- Theatrical release poster
- Directed by: Kief Davidson; Daniel Junge;
- Written by: Davis Coombe; Kief Davidson; Daniel Junge;
- Produced by: Chris Brown; Daniel Junge; Brendan Kiernan; Justin Moore-Lewy; Gustavo Gelmini;
- Narrated by: Jason Bateman
- Cinematography: Luke Geissbühler; Robert Muratore;
- Edited by: Davis Coombe; Tiffany Hauck; Chad Herschberger; Marc Jakubowicz; Inbal B. Lessner; Darrin Roberts;
- Music by: John Jennings Boyd
- Production companies: Global Emerging Markets; HeLo; The Lego Group;
- Distributed by: RADiUS-TWC
- Release dates: April 20, 2014 (Tribeca); July 31, 2015 (U.S.);
- Running time: 93 minutes
- Countries: Denmark; United States;
- Language: English
- Budget: $1 million
- Box office: $101,531

= A Lego Brickumentary =

A Lego Brickumentary (also known as Beyond the Brick: A Lego Brickumentary) is a 2014 documentary film directed by Kief Davidson and Daniel Junge, focused on the Danish construction toy Lego. The film was released on July 31, 2015. The film received mixed reviews from critics, who praised its appeal but criticized the promotional tone of the film. It grossed over $100,000 against a production budget of $1 million, although it fared better in home media sales.

==Synopsis==
A Lego Brickumentary offers a look at the global appeal of Lego toys.

==Cast==
- Jason Bateman as narrator
- Jamie Berard as himself
- Alice Finch as herself
- Bret Harris as himself
- G.W. Krauss as himself
- Dan Legoff as himself
- Nathan Sawaya as himself
- Brian Whitaker as himself
- Iain Clifford Heath as himself
- Ed Sheeran as himself
- Trey Parker as himself
- Dwight Howard as himself
- David Pagano as himself
- Phil Lord as Writer/Director/Himself
- Christopher Miller as Writer/Director/Himself

== Release ==
The film had its premiere at the 2014 Tribeca Film Festival on April 20, and was released in theaters on July 31, 2015.

==Reception==

=== Commercial performance ===
The film grossed $101,531 in theaters against a production budget of $1 million, in addition to $427,757 in domestic DVD sales.

=== Critical reception ===
The film received mixed reviews from critics.

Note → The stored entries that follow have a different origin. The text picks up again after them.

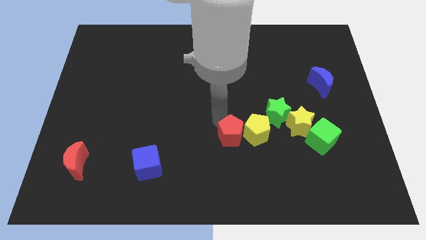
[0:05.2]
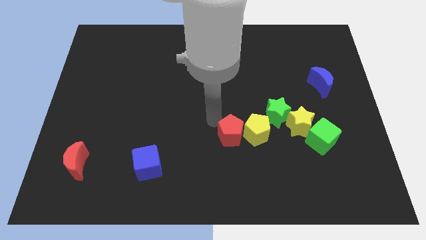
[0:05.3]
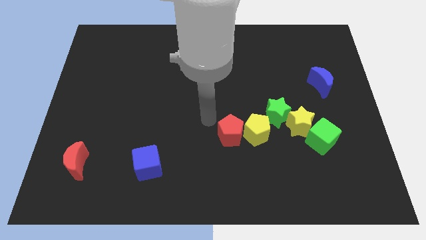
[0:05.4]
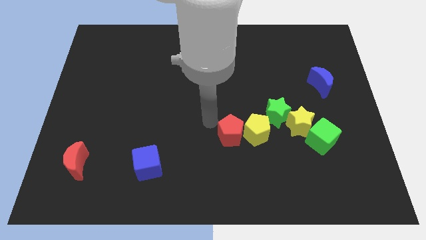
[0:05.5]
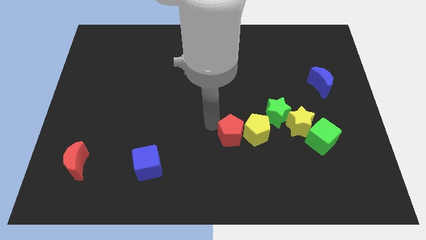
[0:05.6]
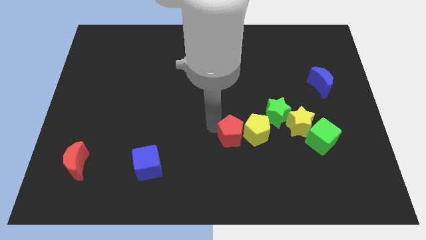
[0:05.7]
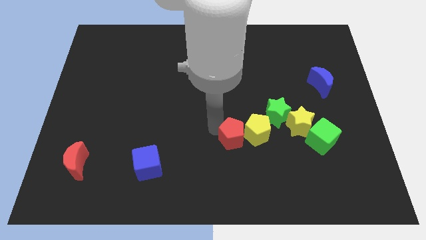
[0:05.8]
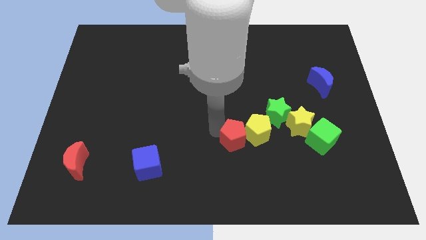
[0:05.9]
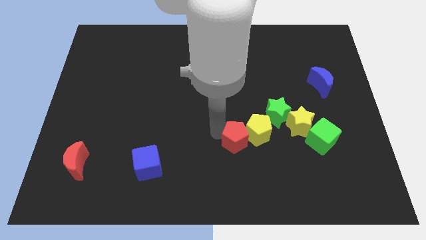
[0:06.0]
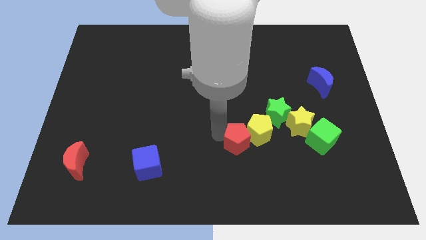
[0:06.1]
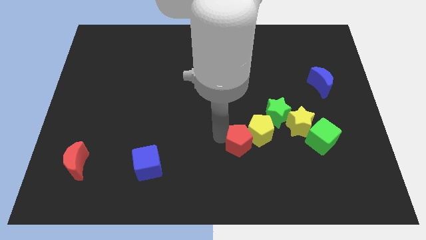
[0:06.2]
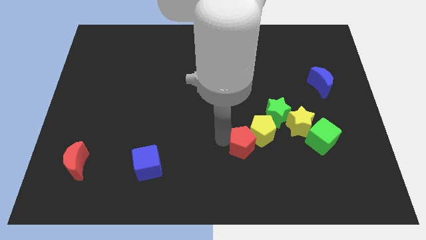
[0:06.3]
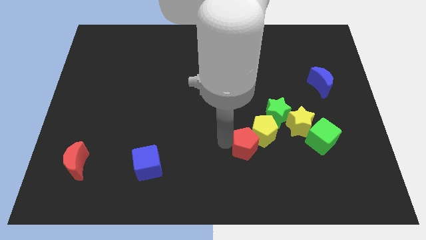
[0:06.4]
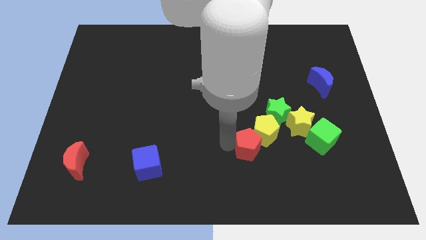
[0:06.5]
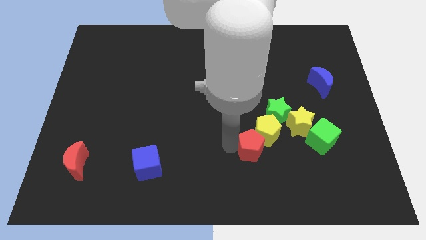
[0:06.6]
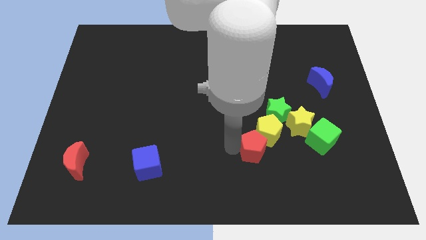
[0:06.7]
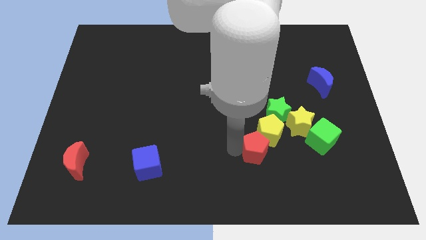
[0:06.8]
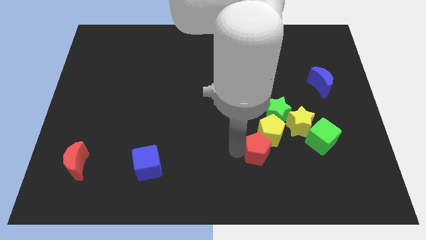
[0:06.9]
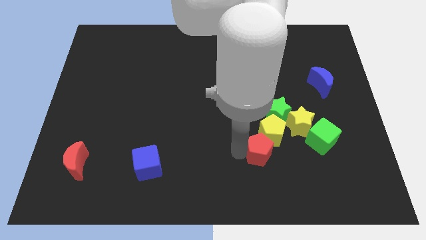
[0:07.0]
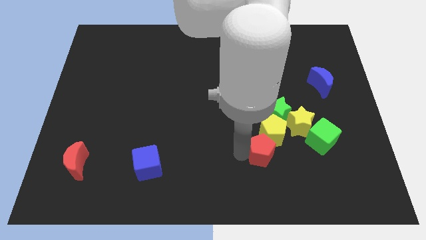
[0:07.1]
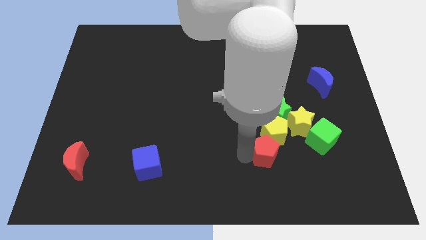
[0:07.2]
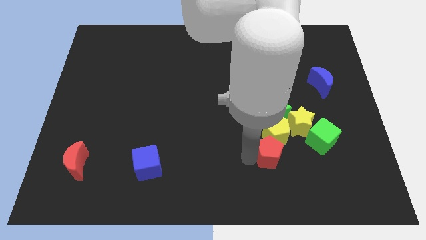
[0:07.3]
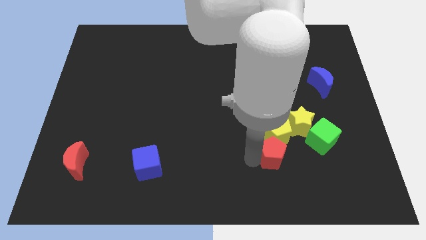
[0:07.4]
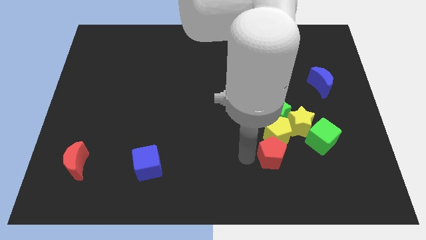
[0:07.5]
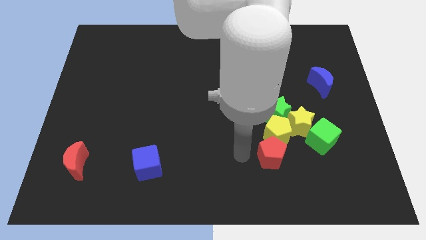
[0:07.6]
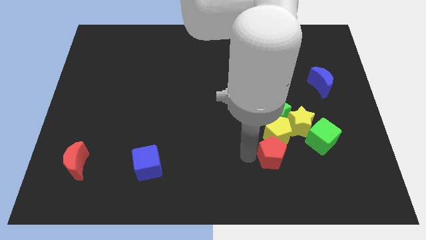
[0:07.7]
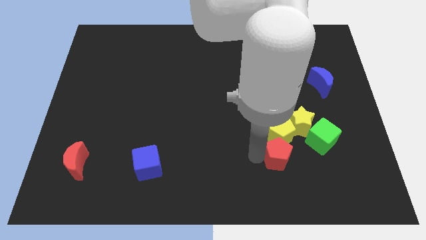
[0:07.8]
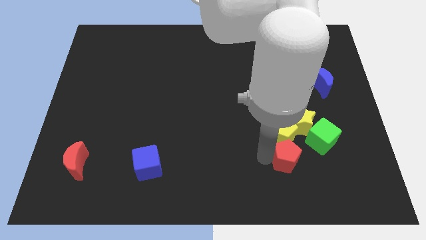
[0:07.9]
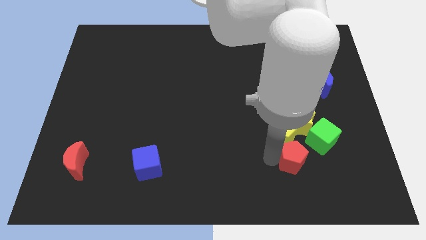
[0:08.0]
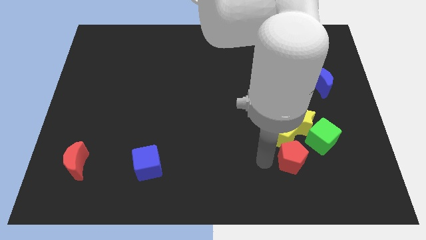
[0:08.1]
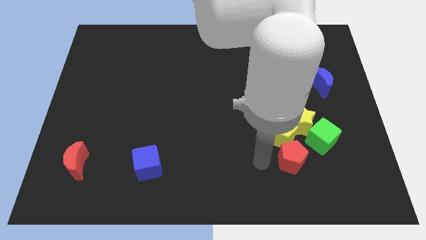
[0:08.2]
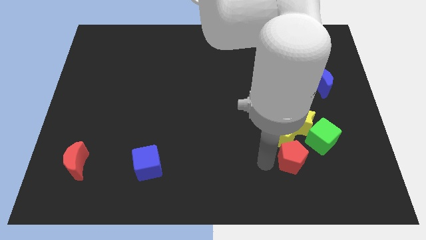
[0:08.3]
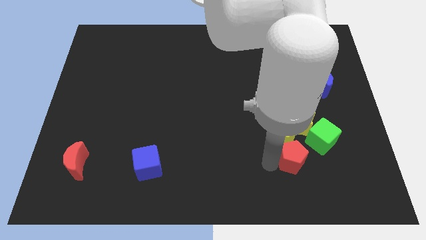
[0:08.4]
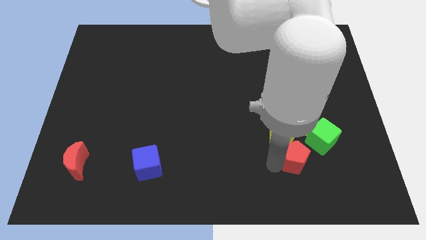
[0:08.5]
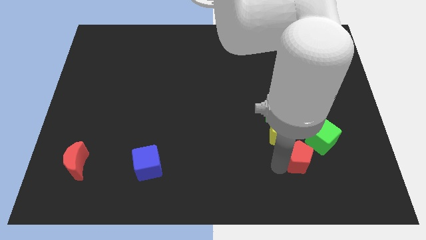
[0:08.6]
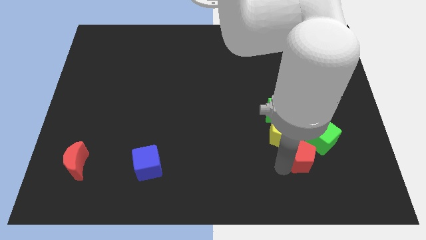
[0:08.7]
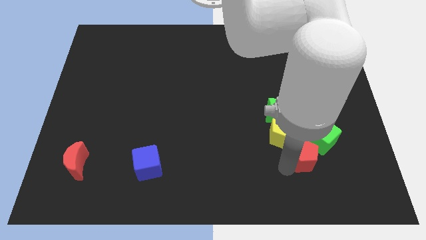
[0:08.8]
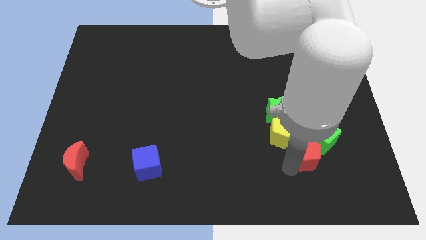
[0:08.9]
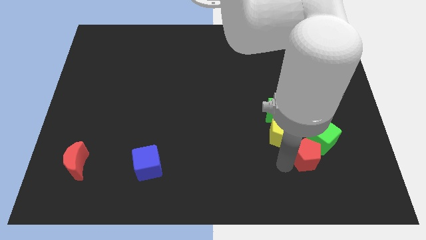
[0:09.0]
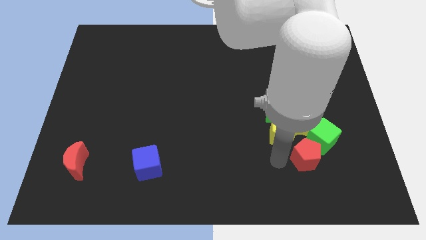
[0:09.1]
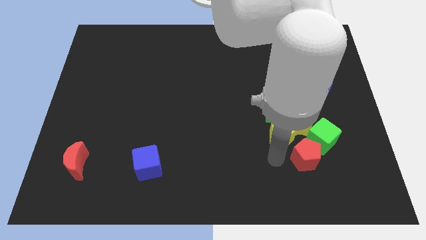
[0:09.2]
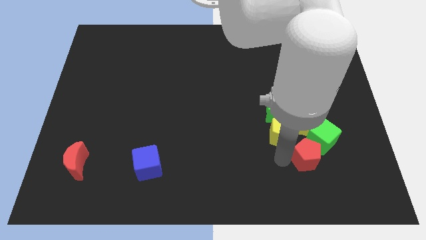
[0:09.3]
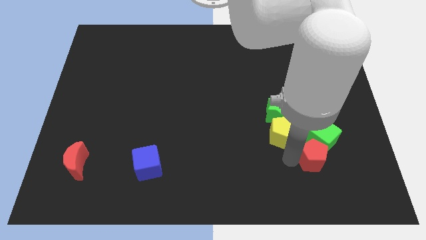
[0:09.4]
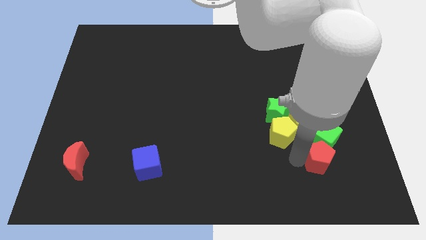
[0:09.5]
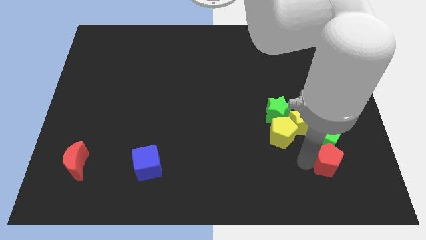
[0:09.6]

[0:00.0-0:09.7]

Review aggregator website Rotten Tomatoes reports a 55% rating based on 49 reviews, with an average score of 5.41/10. The website's critics consensus reads: "A LEGO Brickumentary offers a cheerful overview of the popular toy that should satisfy diehard enthusiasts, but its aggressively promotional tone may turn off LEGO agnostics." On Metacritic, the film has a 51 out of 100 rating based on 19 critics, indicating "mixed or average" reviews.

Peter Sobczynski of RogerEbert.com gave the film two-and-a-half stars out of five. Peter Debruge of Variety writes that the film feels like a "glorified DVD extra" for The Lego Movie. Spectrum Culture wrote that "Brickumentary is both interesting and informative as well as being fun. There may be no “other side” to this documentary, but it does, indeed, give great depth to the toy, its inception and evolution. It also manages, quite successfully, to never, ever be boring." Jordan Hoffman of the New York Daily News gave the film one out of five stars, noting "As a movie, it can be as annoying as stepping on a stray LEGO brick with your socks off."